Some of the issues with nonadherence may be related to challenges in using the technology, but it is the clinician’s role to communicate with patients about the effectiveness of CPAP and identifying reasons for nonadherence while also attempting to tease out the subtle socioeconomic factors related to nonadherence, Dr. Sundar noted. “We need to alter our practice to make sure that we communicate with these patients and better understand what are the social factors in getting the CPAP or utilizing CPAP, and also following these patients more closely, especially in the first month of starting CPAP therapy.
“Just because somebody has severe sleep apnea and other comorbid conditions does not mean that they’re going to wear the CPAP,” he said. “So, the fact that socioeconomic factors play an equal if not more important role in terms of predicting CPAP adherence. That is an important takeaway.”
Octavian C. Ioachimescu, MD, FCCP, of Emory University, Atlanta, and the Atlanta Veteran Affairs Administration and CHEST Physician editorial board member, said in an interview that the study raises a major question of what is next. “What can we offer to these patients, and what is the real-world compliance to that ‘next-best’ modality?” Dr. Ioachimescu said. “What are the outcomes of these individuals in the point-of-care environment, or ‘real world?’ ”

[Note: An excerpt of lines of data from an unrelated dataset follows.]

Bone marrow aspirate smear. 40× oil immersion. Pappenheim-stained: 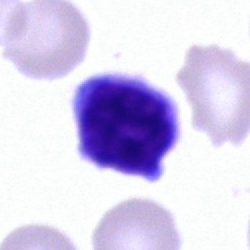

Q: Which cell type is shown here?
A: A typical lymphocyte.
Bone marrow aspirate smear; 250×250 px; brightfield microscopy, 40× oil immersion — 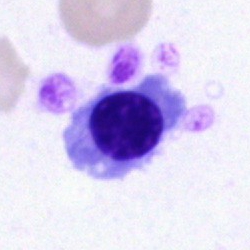

Classification — erythroblast.
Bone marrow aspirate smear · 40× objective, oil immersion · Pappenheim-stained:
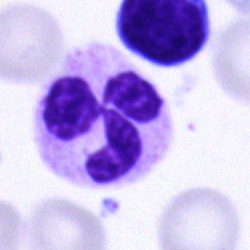

Showing an eosinophilic granulocyte.
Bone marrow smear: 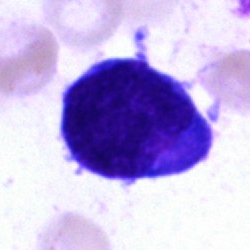
Cell type: blast.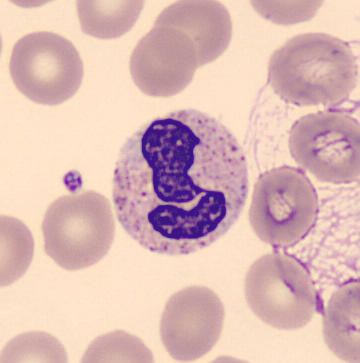 A polymorphonuclear neutrophil.

The analysis by the authors adds the perspective of a “real-world depiction of clinical care for patients with OSA,” Dr. Ioachimescu said. “One major lesson of such an analysis is that the health care goal setting that is referential to initial, randomized, well-controlled studies on highly selected patient populations need to be reassessed periodically from the point of view of actual results in the clinics.”
Clinicians may need to borrow ideas from other therapeutic fields to help improve patient adherence, he said. “[W]e may be able to develop and implement in the future peer involvement, behavioral and cognitive approaches, motivational enhancement interventions, as well as elements of acceptance and commitment techniques, all in the larger context of more integrated and in the same time individualized approaches to therapy.”
The investigators concluded that, “relative to Medicare-only beneficiaries, those eligible for both Medicare and Medicaid were significantly less likely to adhere to CPAP. Future research should seek to develop a deeper understanding of the mechanisms through which [socioeconomic status] and other social determinants impact patient experience throughout the OSA diagnostic and treatment process, including receiving, acclimating, and adhering to CPAP therapy.”
Dr. Sundar concurred with this assessment and said more research is needed on factors impacting adherence such as poverty, homelessness, and home support systems. “It’s not just coordinating with the patient. Clearly, more work is needed in understanding the social aspects of CPAP adherence.”
This study was funded in part by an investigator-initiated grant provided by ResMed to Dr. Wickmire’s institution, the University of Maryland, Baltimore. Dr. Wickmire reported being a scientific consultant to DayZz, Eisai, Merck, and Purdue and holds shares in WellTap. Dr. Oldstone is a ResMed employee and shareholder. Dr. Sundar reported being a cofounder of Hypnoscure, which creates software for population management of sleep apnea, and an investigator in trials where ResMed and Respironics devices were used. Dr. Ioachimescu reported no relevant financial disclosures.